The data below should be transcribed in full, with no picture included.

Segment Start: DATA EXCERPT

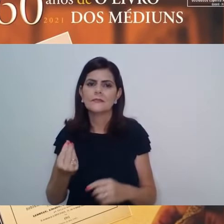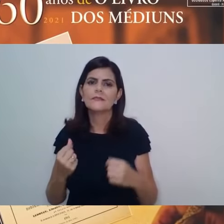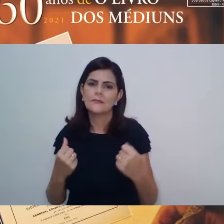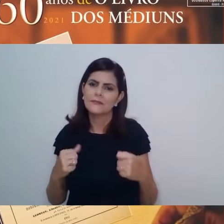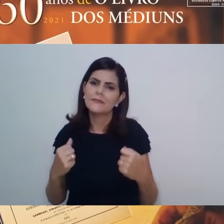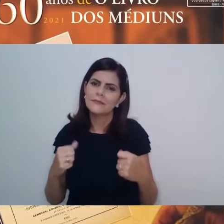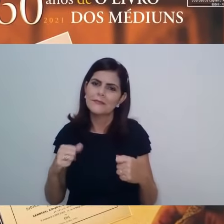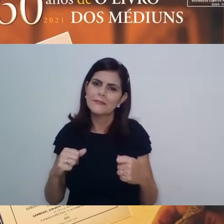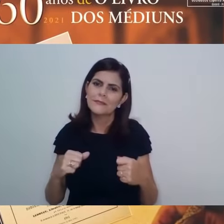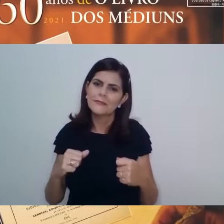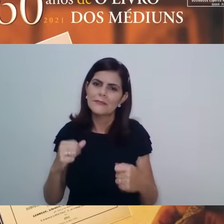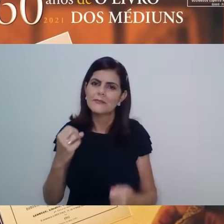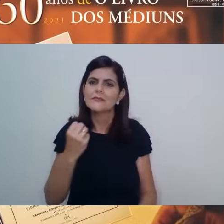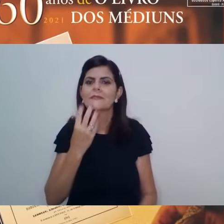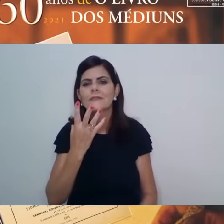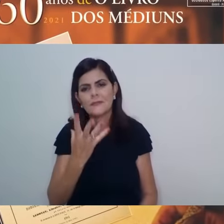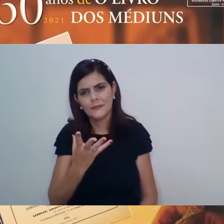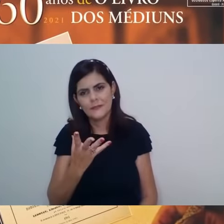o bem, obviamente.
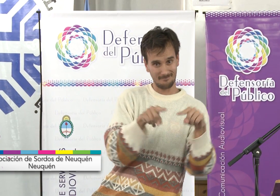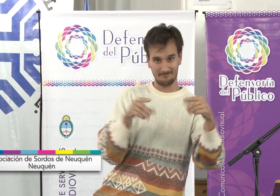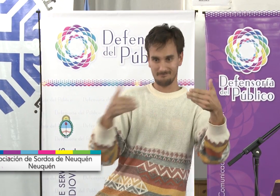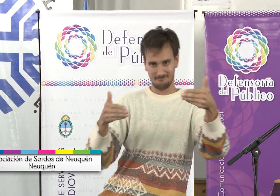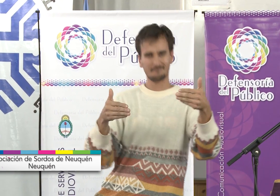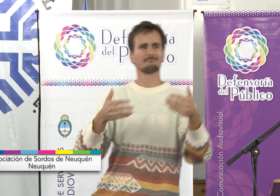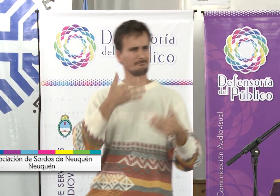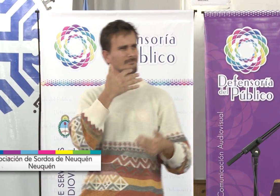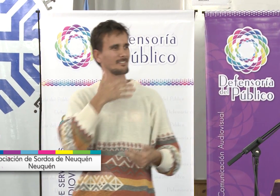trabajar.
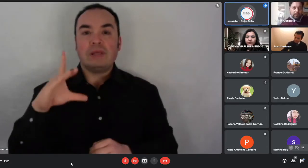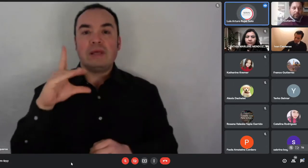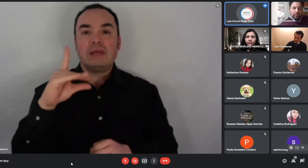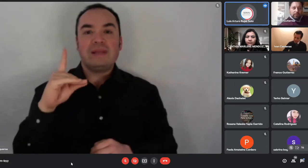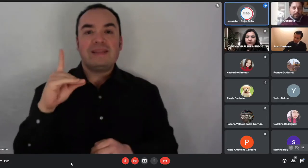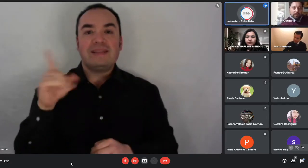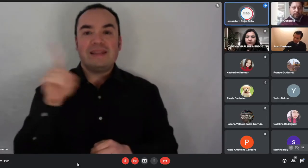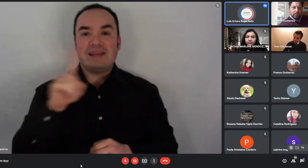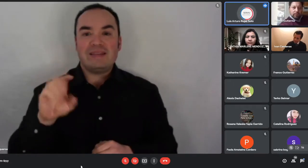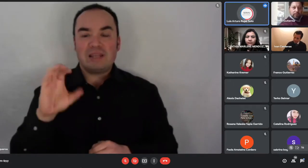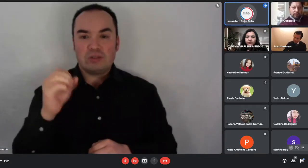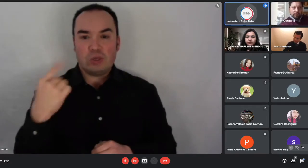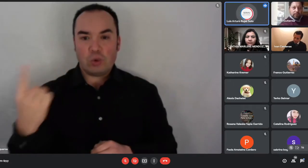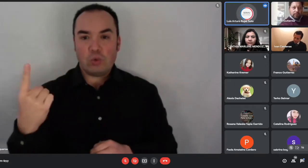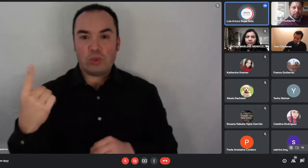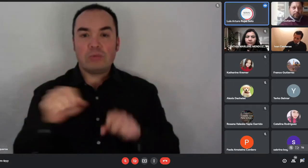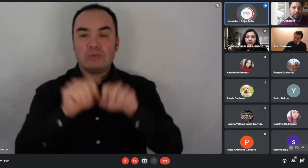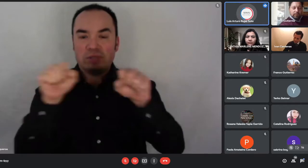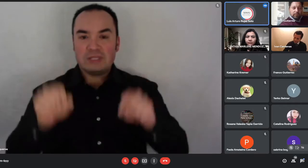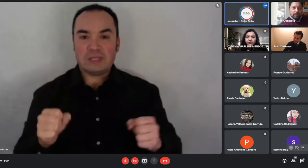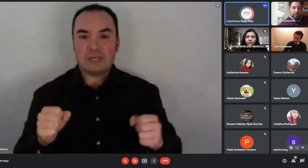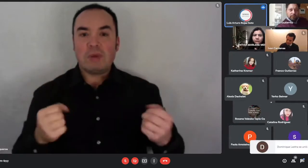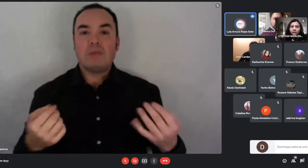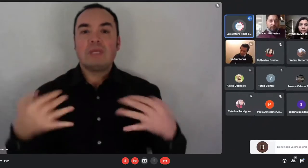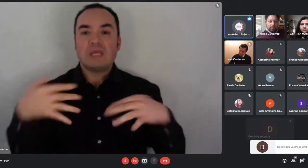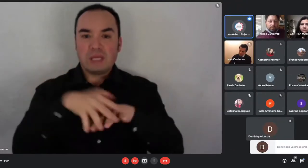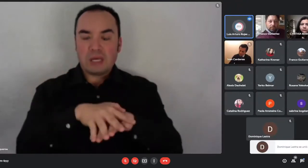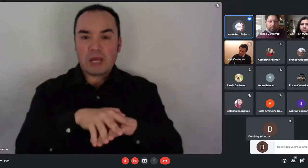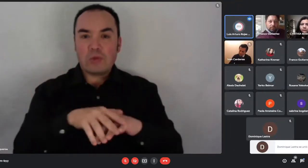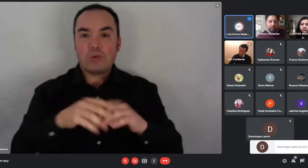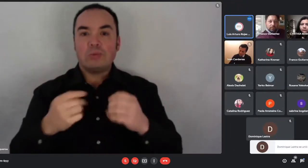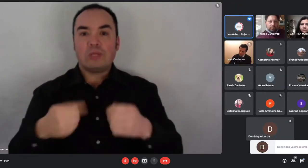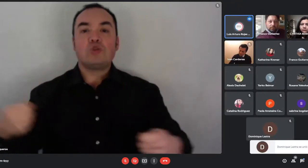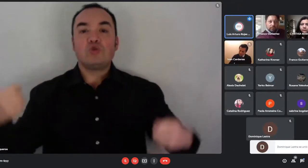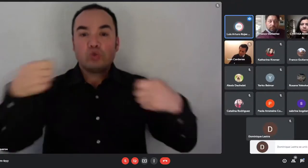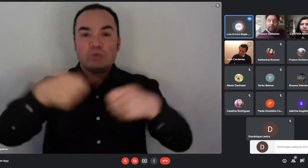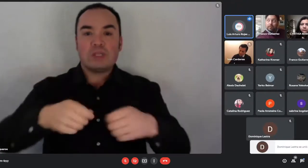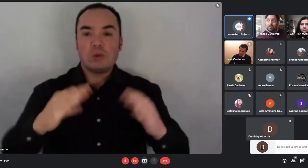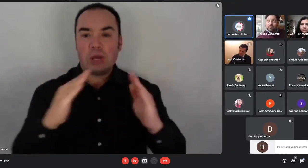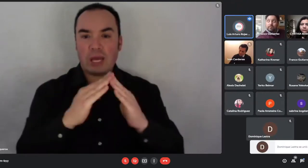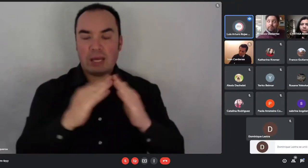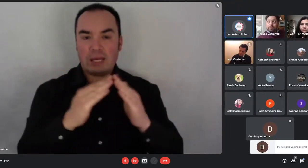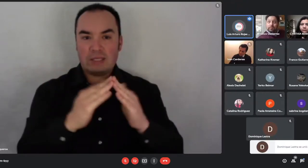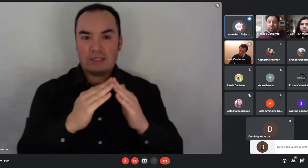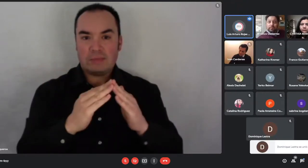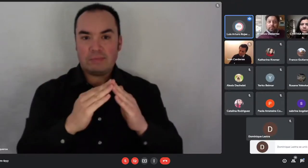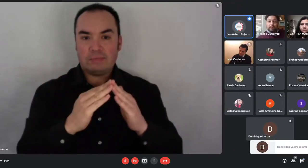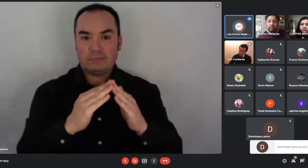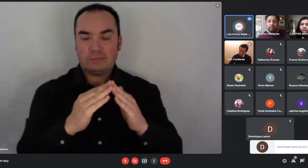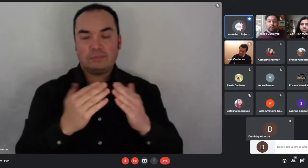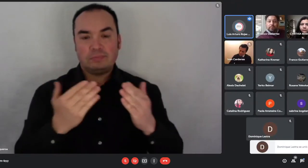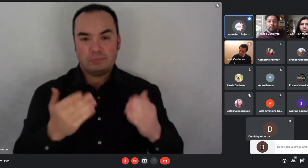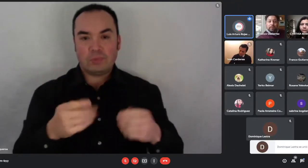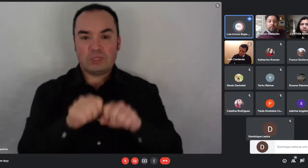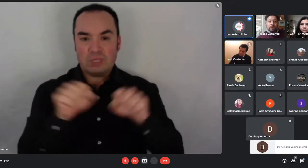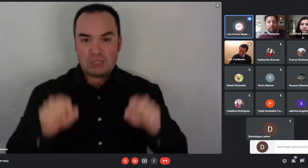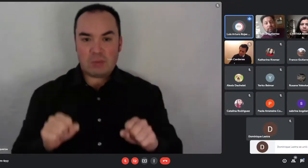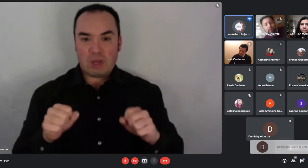Habitacional y se llama Sistema Integrado de Subsidio Habitacional porque en realidad el programa permite la postulación
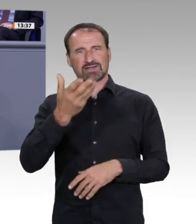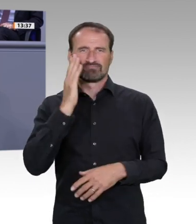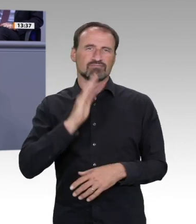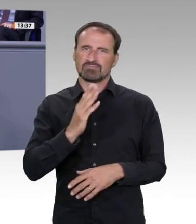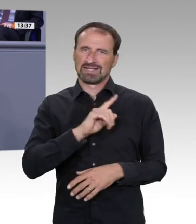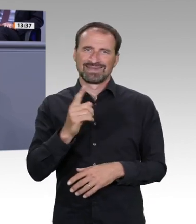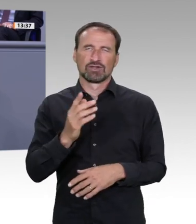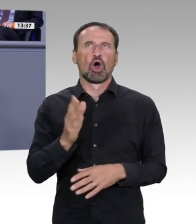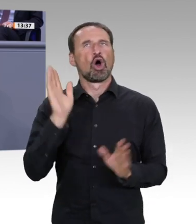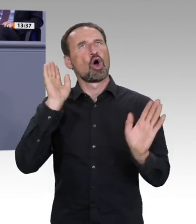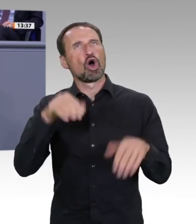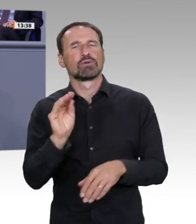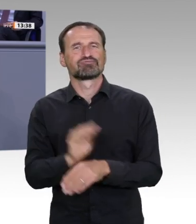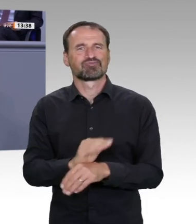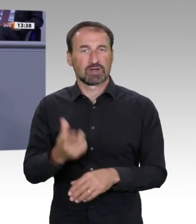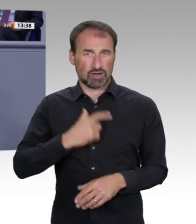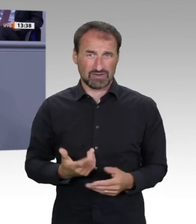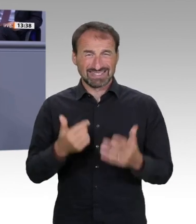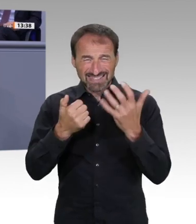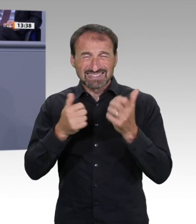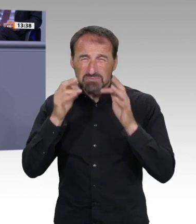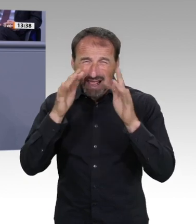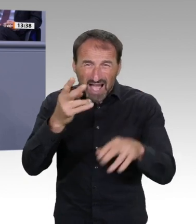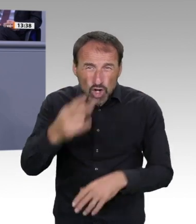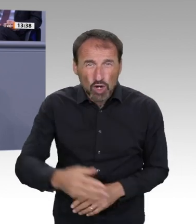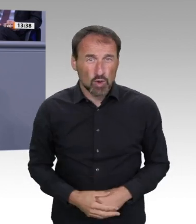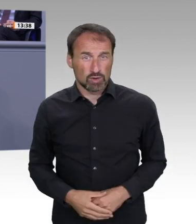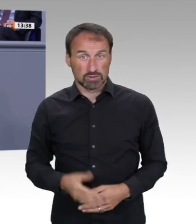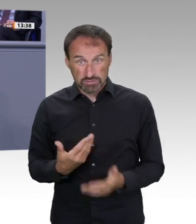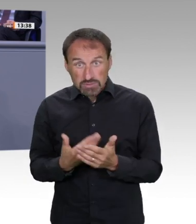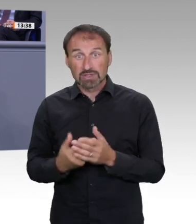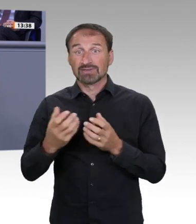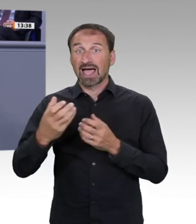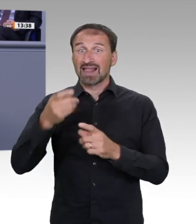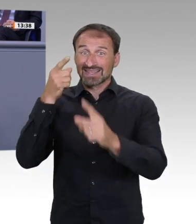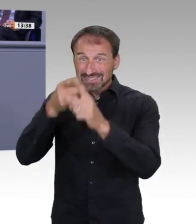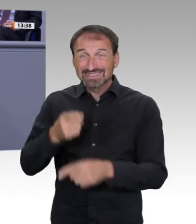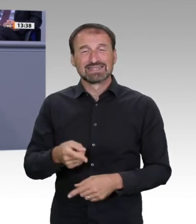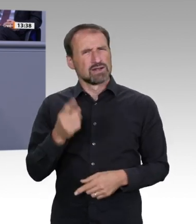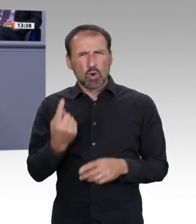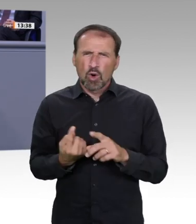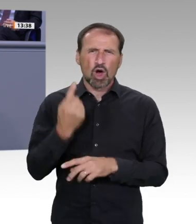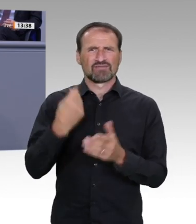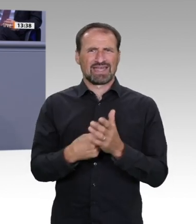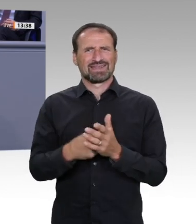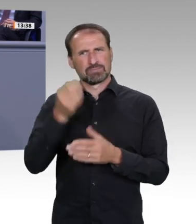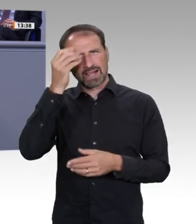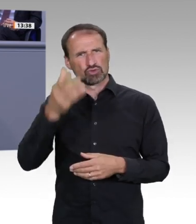liegen, wenn Sachsen schafft, innerhalb des ersten Jahres die Hälfte der Mittel abzurufen. Da muss es andere Gründe haben. Und deshalb machen Sie hier nicht

Segment End: DATA EXCERPT

### [EXERCISE RESPONSE]
o bem, obviamente.
trabajar.
Habitacional y se llama Sistema Integrado de Subsidio Habitacional porque en realidad el programa permite la postulación
liegen, wenn Sachsen schafft, innerhalb des ersten Jahres die Hälfte der Mittel abzurufen. Da muss es andere Gründe haben. Und deshalb machen Sie hier nicht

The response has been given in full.